===== Extracted data
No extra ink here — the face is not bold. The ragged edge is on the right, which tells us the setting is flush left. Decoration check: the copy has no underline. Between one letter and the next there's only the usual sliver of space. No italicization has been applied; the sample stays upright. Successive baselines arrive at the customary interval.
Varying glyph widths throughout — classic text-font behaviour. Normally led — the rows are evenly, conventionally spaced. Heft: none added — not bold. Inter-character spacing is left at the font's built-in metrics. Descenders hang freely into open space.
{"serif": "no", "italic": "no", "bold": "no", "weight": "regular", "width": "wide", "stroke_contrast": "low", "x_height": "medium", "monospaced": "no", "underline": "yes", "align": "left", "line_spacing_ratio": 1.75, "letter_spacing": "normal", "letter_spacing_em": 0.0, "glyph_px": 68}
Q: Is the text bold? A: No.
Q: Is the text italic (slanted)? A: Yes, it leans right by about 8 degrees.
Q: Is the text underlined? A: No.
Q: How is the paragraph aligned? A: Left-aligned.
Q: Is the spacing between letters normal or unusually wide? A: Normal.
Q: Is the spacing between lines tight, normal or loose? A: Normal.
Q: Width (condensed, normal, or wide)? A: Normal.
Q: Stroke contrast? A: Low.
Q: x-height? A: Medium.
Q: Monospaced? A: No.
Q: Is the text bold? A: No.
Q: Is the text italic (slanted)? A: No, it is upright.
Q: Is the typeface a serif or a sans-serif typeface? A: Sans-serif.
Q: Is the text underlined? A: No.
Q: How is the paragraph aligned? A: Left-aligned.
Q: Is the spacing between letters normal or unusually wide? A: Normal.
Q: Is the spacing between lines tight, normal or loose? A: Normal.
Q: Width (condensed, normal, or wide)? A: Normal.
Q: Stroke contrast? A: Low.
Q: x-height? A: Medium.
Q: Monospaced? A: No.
==========
===== Extracted data
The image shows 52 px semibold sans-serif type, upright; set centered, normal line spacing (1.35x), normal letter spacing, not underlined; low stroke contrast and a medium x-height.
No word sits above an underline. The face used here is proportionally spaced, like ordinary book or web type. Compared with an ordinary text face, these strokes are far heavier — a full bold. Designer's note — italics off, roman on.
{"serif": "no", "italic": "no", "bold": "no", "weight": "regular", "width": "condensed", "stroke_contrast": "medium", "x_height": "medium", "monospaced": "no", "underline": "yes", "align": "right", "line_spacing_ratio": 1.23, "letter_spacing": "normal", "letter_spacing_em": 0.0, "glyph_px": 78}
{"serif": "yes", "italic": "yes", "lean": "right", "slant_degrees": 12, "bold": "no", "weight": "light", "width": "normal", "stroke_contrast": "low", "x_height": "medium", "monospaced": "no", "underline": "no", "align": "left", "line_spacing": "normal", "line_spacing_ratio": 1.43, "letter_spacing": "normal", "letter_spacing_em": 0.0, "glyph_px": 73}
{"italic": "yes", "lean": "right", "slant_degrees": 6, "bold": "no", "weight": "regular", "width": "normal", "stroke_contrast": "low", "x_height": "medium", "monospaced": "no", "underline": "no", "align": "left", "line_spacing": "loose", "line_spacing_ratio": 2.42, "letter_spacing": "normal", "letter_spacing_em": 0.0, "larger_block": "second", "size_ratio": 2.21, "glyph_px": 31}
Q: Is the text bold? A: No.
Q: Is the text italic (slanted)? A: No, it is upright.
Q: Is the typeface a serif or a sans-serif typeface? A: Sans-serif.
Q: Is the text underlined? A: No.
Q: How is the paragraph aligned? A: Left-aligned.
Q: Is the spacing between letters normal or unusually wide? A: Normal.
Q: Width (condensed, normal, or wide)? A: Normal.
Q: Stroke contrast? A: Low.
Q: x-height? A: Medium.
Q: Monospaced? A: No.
==========
===== Extracted data
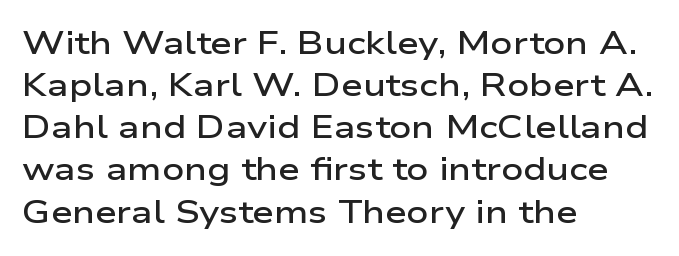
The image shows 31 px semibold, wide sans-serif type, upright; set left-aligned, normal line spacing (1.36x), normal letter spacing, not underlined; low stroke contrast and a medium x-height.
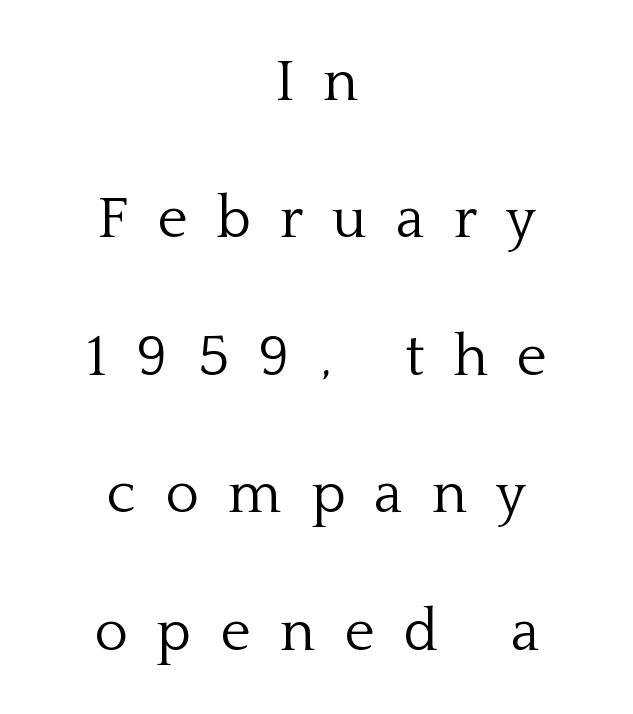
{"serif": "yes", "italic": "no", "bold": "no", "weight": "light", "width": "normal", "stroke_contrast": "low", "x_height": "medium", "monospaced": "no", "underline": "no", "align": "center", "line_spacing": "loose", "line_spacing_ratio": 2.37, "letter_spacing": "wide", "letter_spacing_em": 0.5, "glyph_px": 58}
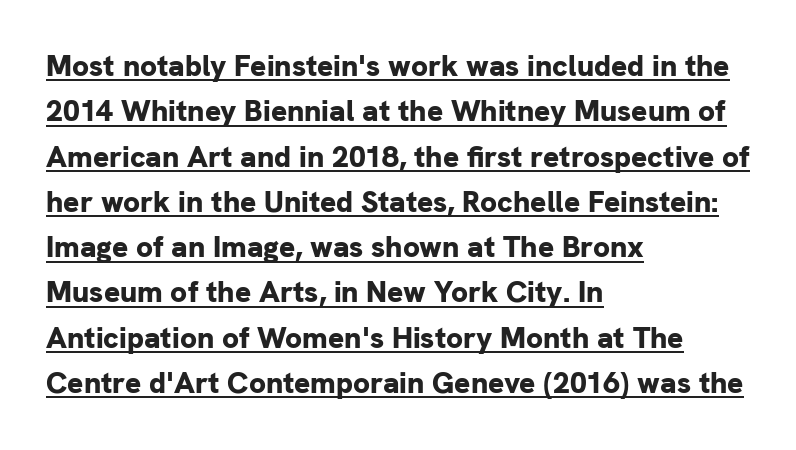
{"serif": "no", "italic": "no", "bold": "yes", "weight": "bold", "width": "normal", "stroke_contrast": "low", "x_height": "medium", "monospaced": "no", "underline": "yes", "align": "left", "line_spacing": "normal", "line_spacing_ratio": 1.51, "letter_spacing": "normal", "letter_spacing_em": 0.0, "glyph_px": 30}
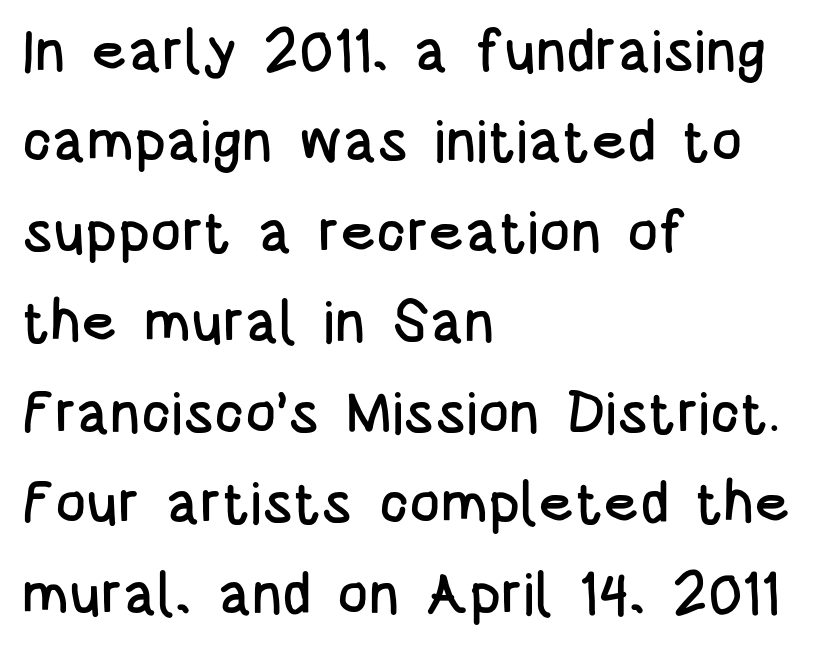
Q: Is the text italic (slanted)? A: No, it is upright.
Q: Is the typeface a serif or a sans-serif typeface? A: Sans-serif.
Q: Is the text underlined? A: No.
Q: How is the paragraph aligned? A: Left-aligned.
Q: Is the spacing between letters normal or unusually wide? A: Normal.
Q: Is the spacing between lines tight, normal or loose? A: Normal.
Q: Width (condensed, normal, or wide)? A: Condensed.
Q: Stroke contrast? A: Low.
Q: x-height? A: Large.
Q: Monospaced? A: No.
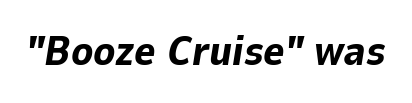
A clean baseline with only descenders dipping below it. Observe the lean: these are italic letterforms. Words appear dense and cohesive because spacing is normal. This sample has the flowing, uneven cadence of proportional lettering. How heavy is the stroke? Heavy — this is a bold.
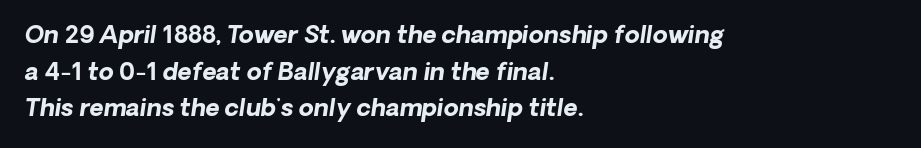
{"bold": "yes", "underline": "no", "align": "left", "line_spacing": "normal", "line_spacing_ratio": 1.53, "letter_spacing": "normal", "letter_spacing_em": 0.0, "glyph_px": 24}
==========
__Exercise objective__: Report all lines of the material that contain the word "image".

__Completed task__:
The image shows 52 px semibold sans-serif type, upright; set centered, normal line spacing (1.35x), normal letter spacing, not underlined; low stroke contrast and a medium x-height.
The image shows 31 px semibold, wide sans-serif type, upright; set left-aligned, normal line spacing (1.36x), normal letter spacing, not underlined; low stroke contrast and a medium x-height.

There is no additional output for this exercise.